Только теперь Родион сообразил, что забежал в тот дом, где находится Тамарин магазин. Все магазины и учреждения посёлка располагались именно так: на первых этажах, прямо в квартирах, а их хозяева или работники обычно жили тут же либо по соседству.
Бабка с авоськой поднялась этажом выше. Родион, кое-как встав, переминался с одной затёкшей и онемевшей ноги на другую. Чувствительность возвращалась вместе с болью. Надо позвонить отставному капитану из «центра» и уезжать из посёлка к чёртовой матери. Родион вдруг с очередным приступом ужаса понял, что ехать ему некуда. Не в Москву же, где его никто не ждёт. Не потому ли он согласился сопровождать Костю, что неосознанно его тянуло на родную землю, словно та могла как-то помочь, утолить зияющую пустоту внутри, которую он в Москве тщетно заливал водкой? И снова почудилось, будто в сознание протянулось нечто чужеродное: ощупывало призрачными щупальцами, оглядывалось, осваивалось, вкрадчиво перекраивало под себя…

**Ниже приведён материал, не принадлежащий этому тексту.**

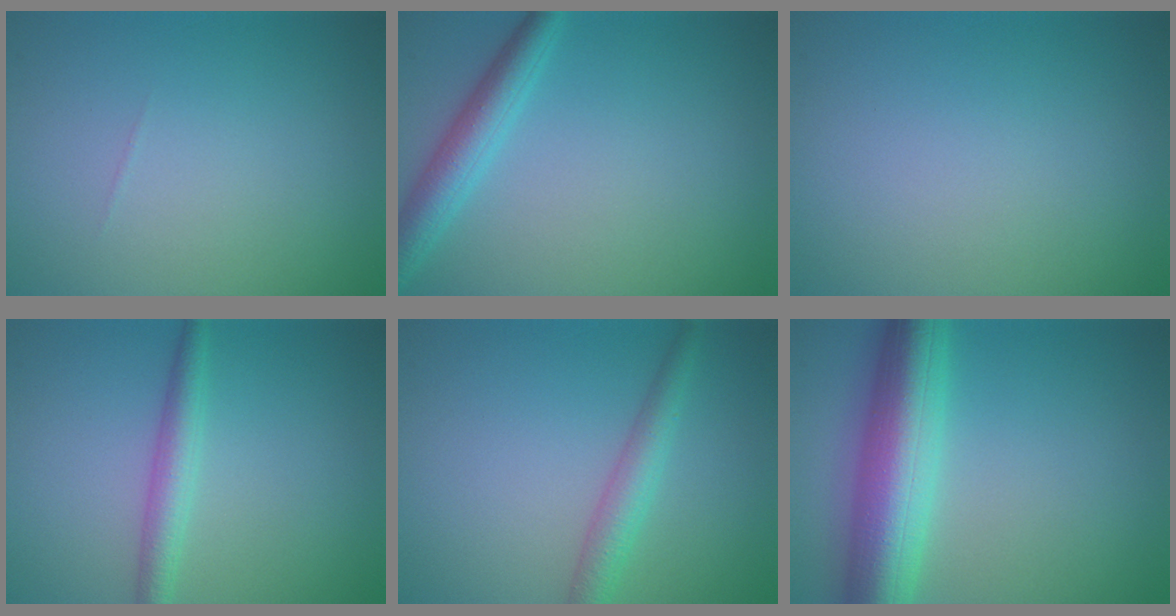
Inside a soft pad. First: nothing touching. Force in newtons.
{"total": 3.4, "press": 3.4, "slide": 0.1}
{"total": 0.0}
{"total": 2.6, "press": 2.6, "slide": 0.0}
{"total": 2.7, "press": 2.7, "slide": 0.1}
{"total": 8.6, "press": 8.6, "slide": 0.3}

В магазине Тамары, за приоткрытой грубо сваренной железной дверью, что-то с грохотом упало, и оттуда послышался то ли вопль, то ли стон. Родион осторожно заглянул. Стол с кассой, разбросанные картонные коробки. Рухнувшая полка с консервами. Тут-то что могло произойти? Готовый опрометью бежать на улицу, Родион осмотрел стены, дверной проём, окно, потолок. Всё вроде в порядке. Ни каменных шипов, ни странных деформаций.

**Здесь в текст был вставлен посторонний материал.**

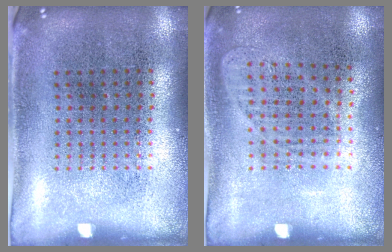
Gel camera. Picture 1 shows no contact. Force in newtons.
{"total": 1.0, "press": 0.9, "slide": 0.3}

Тамара была в соседней комнате, служившей подсобкой. Стояла на четвереньках, уткнувшись головой в разбросанные упаковки, будто её тошнило. Родион попробовал приподнять женщину за подмышки, но что-то не позволяло это сделать, её голова по самую шею была завалена пакетами с лапшой быстрого приготовления, и что-то там, внутри, будто не отпускало её. Вдруг голова женщины показалась совсем в другом месте — из-за башни картонных коробок в противоположном углу. Голова кивала, издавая нечеловеческие гулкие протяжные звуки. Родион отпустил тело женщины и медленно попятился. Перед ним был сущий монстр: голова Тамары покачивалась на длинной-предлинной шее, протянувшейся от тела через полкомнаты подобно кошмарному шлангу из человеческой плоти. Тихо пятясь и не сводя с чудовища взгляд (а голова женщины продолжала гипнотически покачиваться из стороны в сторону, как у змеи), Родион добрался до выхода из магазина, и вот тогда рванул прочь, что было сил.